Torsten FelstehausenInnenpolitikWirtschaft und Arbeit

In seiner 118. Plenarsitzung am 15. November 2022 diskutierte der Hessische Landtag zum Gesetzentwurf von CDU und Grünen zur Besoldungsanpassung von Beamt:innen. Dazu die Rede unseres innenpolitischen Sprechers Torsten Felstehausen.

Sehr geehrte Frau Präsidentin, meine Damen und Herren!

Ich möchte Heike Hofmann ausdrücklich für diese klaren Worte danken und mich denen in weiten Teilen auch anschließen.

Die Landesregierung bringt hier über die Fraktionen von CDU und GRÜNEN einen Gesetzentwurf ein, von dem sie selbst eingesteht, dass er dazu führt, dass damit ein verfassungswidriger Zustand im Ergebnis länger anhält. Das können Sie wörtlich nachlesen in der Vorbemerkung zu dem Gesetz, das sie vorgelegt haben.

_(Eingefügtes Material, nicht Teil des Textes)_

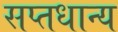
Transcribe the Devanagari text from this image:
सप्तधान्य
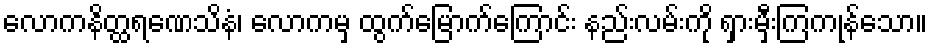
လောကနိတ္ထရဏေသိနံ၊ လောကမှ ထွက်မြောက်ကြောင်း နည်းလမ်းကို ရှားမှီးကြကုန်သော။
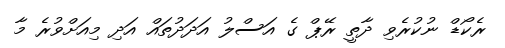
ރެކޯޑް ނުކުރެވި ދާތީ ރޭޕް ގެ އަސްލު އަދަދުތައް އަދި މިއަށްވުރެ މާ
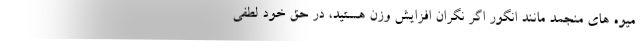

Als LINKE sagen wir, es steht Ihnen nicht frei, die Höhe nach Haushaltslage für die Beamtinnen und Beamten so zu regeln. Sie müssen sich an Recht und Gesetz halten. Wenn ein Verfassungsgericht sagt, dass die Besoldung so niedrig ist, dass sie verfassungswidrig ist, dann ist das beschämend. Es ist beschämend, und Sie müssen eine neue Regelung schaffen, die diesen verfassungswidrigen Zustand beendet, und nicht einen, der zwar etwas weniger schlimm ist, aber immer noch verfassungswidrig.

(Beifall DIE LINKE und vereinzelt SPD)

Dass Sie hier ernsthaft einen Gesetzentwurf vorlegen, von dem Sie wissen, dass er nicht den Anforderungen der Gerichte entspricht, und es dann auch noch als Erfolg verkaufen wollen, das ist schon dreist. Und das alles tragen Sie auf dem Rücken der Beamtinnen und Beamten aus, die hier tagein und tagaus dafür arbeiten, dass dieses Land, dieses Hessen, am Laufen gehalten wird. Meine Damen und Herren, das ist wirklich ein respektloser Umgang mit diesen Landesbediensteten.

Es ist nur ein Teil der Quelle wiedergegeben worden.